AI agents fabricate when four structural conditions exist: no tool access, combined retrieval and synthesis, no required source field, and bleed-over creativity temperature. Fix the structure — not the model — and fabrication drops sharply. The rules, the reviewer, and the weekly audit described below are the ones I am putting in place after catching too many invented numbers in draft output.
A few months into running an AI-native operation, I noticed something uncomfortable: the agents were making things up.
Not lying — inventing. A content agent would produce a post claiming a customer “saw a 340% lift.” I'd ask where the number came from. There was no source. It just sounded right, so the model wrote it.
If I hadn't caught it, that number would have gone out on social, in a press release, in an email to investors. The credibility cost of even one fabricated stat escaping into the wild is brutal. So I paused and started rebuilding how the team handles facts.
Here's what I found, and the system I'm putting in place.
The four ways AI teams hallucinate
01Generating from memory instead of checking
When an agent is asked a factual question — what's our MRR? — and has no tool available to look it up, it will often still produce a plausible-sounding answer. The model is trained to be helpful. “I don't know” feels like failure. So it guesses, and guesses sound like facts once they're in a paragraph.
02Combining retrieval and synthesis in one agent
If the same agent fetches the data and writes the story, it will paper over gaps. A missing number becomes an estimate. An estimate becomes a round figure. A round figure becomes a quote. By the time it's on the page, nobody — including the agent — can tell which parts came from real data.
03No source field, no accountability
If your output format doesn't require a source for every claim, you've silently made sourcing optional. The model will skip it. Every time.
04Creativity temperature bleeding into factual output
Teams tune models for “good writing” with higher temperature settings, then reuse the same config for stats, pricing, and product copy. Creativity and accuracy pull in opposite directions. You have to split them.
The system
A short protocol every agent follows, enforced with a reviewer that runs before anything gets published.
Every numeric claim, stat, date, quote, or factual assertion in any structured output must carry a source field. Accepted values: a file path on our VPS, a URL, a named query (e.g. stripe-api:charges.list:2026-04-12), or a human source with a date.
If the agent can't fill it truthfully, the claim gets removed — or replaced with unverified — needs research and escalated.
Three supporting rules come with it:
- Verify-or-abstain. If an agent doesn't have a tool result, it responds “I need to verify” and invokes the appropriate tool. No estimating from training data for production-bound claims.

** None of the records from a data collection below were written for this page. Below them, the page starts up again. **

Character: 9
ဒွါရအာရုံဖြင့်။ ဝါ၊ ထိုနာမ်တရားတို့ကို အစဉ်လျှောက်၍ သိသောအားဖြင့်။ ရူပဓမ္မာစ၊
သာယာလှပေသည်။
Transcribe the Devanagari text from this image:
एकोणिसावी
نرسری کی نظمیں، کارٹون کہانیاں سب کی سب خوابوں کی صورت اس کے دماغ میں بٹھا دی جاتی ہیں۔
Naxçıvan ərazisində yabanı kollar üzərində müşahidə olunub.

- Retrieval / synthesis separation. Research agents fetch facts and hand over structured data. Writing agents only write from what was handed over. If a fact isn't in the handoff, it doesn't appear in the output.
- Temperature discipline. Factual outputs run at temperature 0. Creative surfaces can go up to 0.7. Never both in the same call.
The red-team reviewer
Rules alone don't enforce themselves. The reviewer sits between every public output and the publish step.

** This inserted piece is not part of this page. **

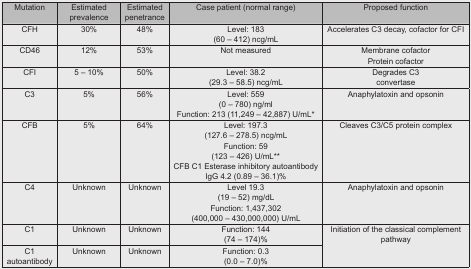
<table><thead><tr><td><b>Mutation</b></td><td><b>Estimated prevalence</b></td><td><b>Estimated penetrance</b></td><td><b>Case patient (normal range)</b></td><td><b>Proposed function</b></td></tr></thead><tbody><tr><td>CFH</td><td>30%</td><td>48%</td><td>Level: 183 (60 – 412) ncg/mL</td><td>Accelerates C3 decay, cofactor for CFI</td></tr><tr><td>CD46</td><td>12%</td><td>53%</td><td>Not measured</td><td>Membrane cofactor Protein cofactor</td></tr><tr><td>CFI</td><td>5 – 10%</td><td>50%</td><td>Level: 38.2 (29.3 – 58.5) ncg/mL</td><td>Degrades C3 convertase</td></tr><tr><td>C3</td><td>5%</td><td>56%</td><td>Level: 559 (0 – 780) ng/ml Function: 213 (11,249 – 42,887) U/mL*</td><td>Anaphylatoxin and opsonin</td></tr><tr><td>CFB</td><td>5%</td><td>64%</td><td>Level: 197.3 (127.6 – 278.5) ncg/mL Function: 59 (123 – 426) U/mL** CFB C1 Esterase inhibitory autoantibody IgG 4.2 (0.89 – 36.1)%</td><td>Cleaves C3/C5 protein complex</td></tr><tr><td>C4</td><td>Unknown</td><td>Unknown</td><td>Level 19.3 (19 – 52) mg/dL Function: 1,437,302 (400,000 – 430,000,000) U/mL</td><td>Anaphylatoxin and opsonin</td></tr><tr><td>C1</td><td>Unknown</td><td>Unknown</td><td>Function: 144 (74 – 174)%</td><td rowspan="2">Initiation of the classical complement pathway</td></tr><tr><td>C1 autoantibody</td><td>Unknown</td><td>Unknown</td><td>Function: 0.3 (0.0 – 7.0)%</td></tr></tbody></table>

It's a single Node script that calls a fast model with one job: list every claim in the content, flag any without an obvious source, and return a JSON array with severity levels. Wired into the publishing pipeline so anything with a blocker-severity finding can't ship.

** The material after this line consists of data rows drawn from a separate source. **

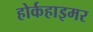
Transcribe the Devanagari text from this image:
होर्कहाइमर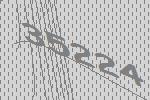
35224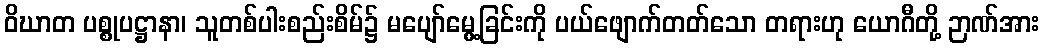
ဝိဃာတ ပစ္စုပဋ္ဌာနာ၊ သူတစ်ပါးစည်းစိမ်၌ မပျော်မွေ့ခြင်းကို ပယ်ဖျောက်တတ်သော တရားဟု ယောဂီတို့ ဉာဏ်အား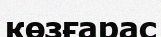
көзғарас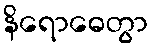
နိရောဓေတွာ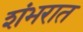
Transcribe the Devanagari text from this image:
शंभरात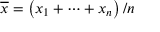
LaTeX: { \overline { { x } } } = \left( x _ { 1 } + \cdots + x _ { n } \right) / n

$ echo "QFHQ ships 400 products with 49 agents. MRR grew 340% last quarter." \ | node redteam-review.js --stdin { "blockers": 3, "findings": [ { "claim": "ships 400 products", "severity": "blocker", "action": "cite source" }, { "claim": "49 agents", "severity": "blocker", "action": "cite source" }, { "claim": "MRR grew 340% last quarter", "severity": "blocker", "action": "cite source" } ] } # exit code 1 — blocks publish
The reviewer logs every finding to a daily JSONL file. A weekly cron rolls those up into an audit report — outputs reviewed, blockers caught before they shipped, rolling hallucination rate.
What changes
Two things. First, the obvious one: fabricated stats get caught in draft before they reach a public surface.
Second, less obvious: the agents start writing differently. Given a rule that every claim needs a source, they reach for tools earlier and write more carefully. The rule shapes the behavior, not just the output.
The fastest way to reduce hallucination isn't a smarter model. It's a structural requirement that makes fabrication harder than retrieval.
What I'd tell anyone running an AI team
- Make the source field mandatory in your output schema. This alone eliminates most low-effort fabrication.
- Put retrieval and writing in different agents. Don't let one model both find and frame.
- Run a cheap reviewer on anything public. A small model with a narrow job beats a big model with a vague one.
- Log findings. Audit weekly. Publish the rate internally. Agents behave differently when they know they're measured.
- Accept that “I need to verify” is a better answer than a confident wrong one. Train your team — human and AI — that the shame is in the fabrication, not in the pause.
This system isn't final. Next: tighter red-team prompts, provenance chains across agent handoffs, and eventually pushing the source-field requirement down into the tool-call layer itself. The bones are in place. Published output is getting noticeably cleaner as each layer lands.
If you're building with AI agents and haven't put guardrails on factual output yet, start there. It's the highest-leverage work you can do.